En el centro de todo está el periodismo. Y, como lo describe Vargas Llosa, se trata de un arma de doble filo, sobre todo si no se maneja con escrúpulos, ética y moral. Es el periodismo en un contexto de oposición casi nula y de distracciones mundanas, orquestadas por la dictadura, que mantenían a la población preocupada por temas menos serios que la opresión de su libertad.
Rolando Garro es un periodista (si así se le puede llamar) que deja mucho que desear y que, de seguro, representa a los cientos de medios populares en Perú. Para subsistir durante la crisis, estos le vendieron el alma al diablo: pasaron por encima de todos los valores periodísticos y fueron la pieza clave en la ceguera colectiva de los peruanos.

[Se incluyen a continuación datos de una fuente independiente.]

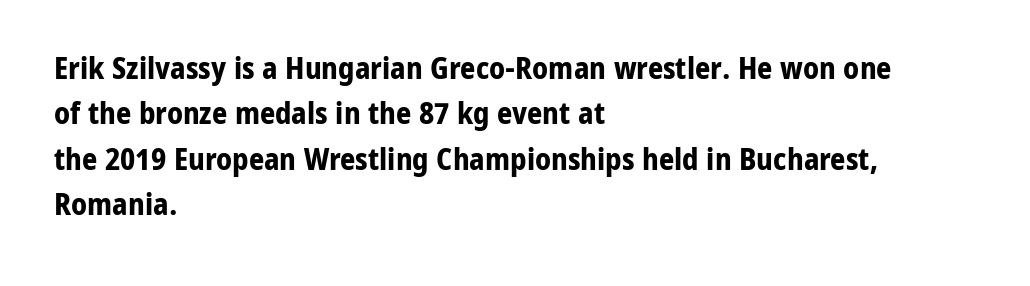
The image shows 30 px bold sans-serif type, upright; set left-aligned, normal line spacing (1.51x), normal letter spacing, not underlined; low stroke contrast and a medium x-height.
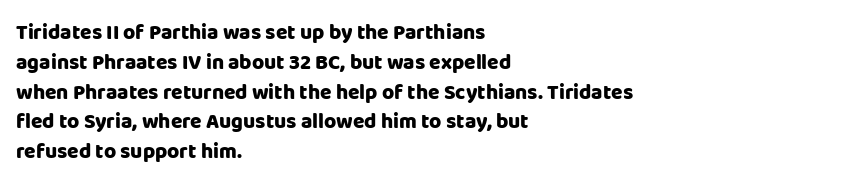
A bare baseline throughout the passage. Heavy-handed strokes throughout: this text is bold. Style check: upright. The setting favours the left margin, as ordinary paragraphs usually do. How are the letters spaced? Ordinarily, with no added tracking.
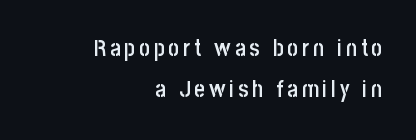
Q: Is the text bold? A: Semi-bold.
Q: Is the text italic (slanted)? A: No, it is upright.
Q: Is the text underlined? A: No.
Q: How is the paragraph aligned? A: Right-aligned.
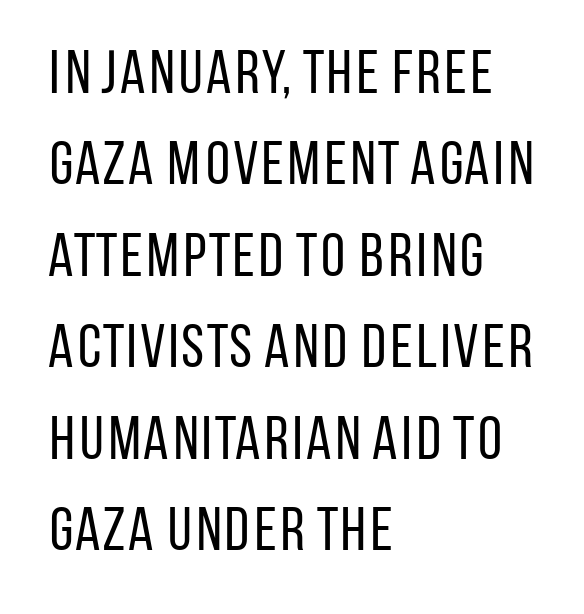
Just letters on the line, the space beneath them empty. The leading is moderate, giving the passage an even texture. Each stroke keeps to a modest, everyday thickness or less. A sans-serif font was chosen for this passage. Every character sits straight up, as roman type does.
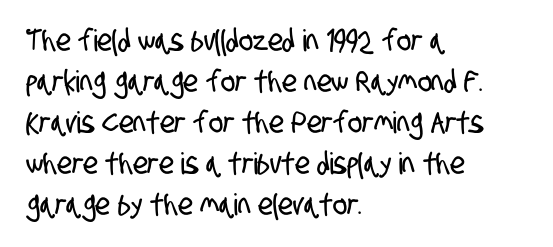
{"serif": "no", "width": "condensed", "stroke_contrast": "low", "x_height": "large", "monospaced": "no", "underline": "no", "align": "left", "line_spacing": "normal", "line_spacing_ratio": 1.37, "letter_spacing": "normal", "letter_spacing_em": 0.0, "glyph_px": 30}
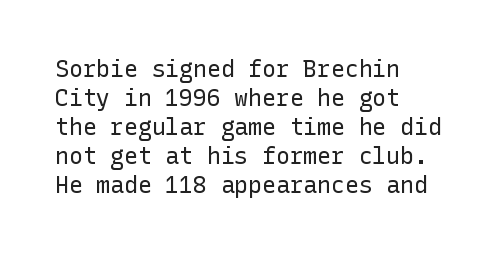
{"italic": "no", "bold": "no", "underline": "no", "align": "left", "line_spacing": "normal", "line_spacing_ratio": 1.26, "letter_spacing": "normal", "letter_spacing_em": 0.0, "glyph_px": 23}
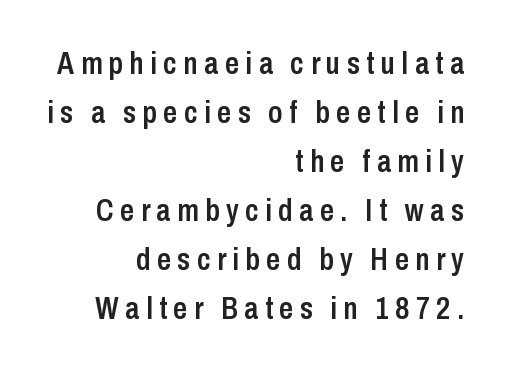
Successive baselines arrive at the customary interval. Do the letters lean? They stand straight. Students, this is semibold: more ink than regular, less than bold. The paragraph has a hard right edge and a soft left edge.
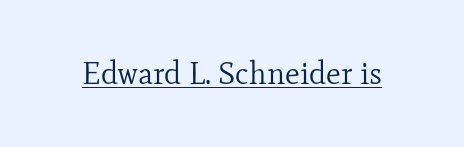
The passage shown is not bold in any degree. Students, observe the line beneath the letters — that is underlining. Compared with typical body copy, the letter spacing here is the same. Note: serifs present on the glyphs. This is the regular roman posture of the typeface.
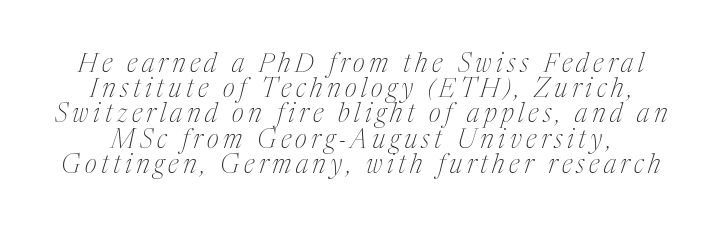
{"italic": "yes", "lean": "right", "slant_degrees": 17, "bold": "no", "underline": "no", "line_spacing": "tight", "line_spacing_ratio": 0.97, "glyph_px": 26}

La del Perú era una sociedad desigual, como todas las latinoamericanas. Las condiciones de vida eran definidas por la proveniencia social, y no había mucho espacio para subir en la escala social. Si se venía de una familia pudiente, las riquezas aumentarían con los años en pro del afianzamiento del dominio en la sociedad. Por el contrario, el destino del pobre era incierto: estaba obligado a nacer en el analfabetismo, como el padre de la Retaquita, y a luchar con su sudor por una miseria de ingresos diarios. A mí me hubiera gustado ver un poco más el diario vivir de estos personajes marginados por la élite peruana; si bien Vargas Llosa ofrece pequeños vistazos de sus pasados y de las condiciones precarias en las que vivían, no ahondó en ese sentir de opresión, como los de Enrique o Marisa. El autor no transmitió en su totalidad los sentimientos que los llevaban a tomar las decisiones que tomaban, sino que se aprovechó de esos pequeños vistazos para así justificar el actuar de personajes como la Retaquita, Ceferino y Rolando Garro.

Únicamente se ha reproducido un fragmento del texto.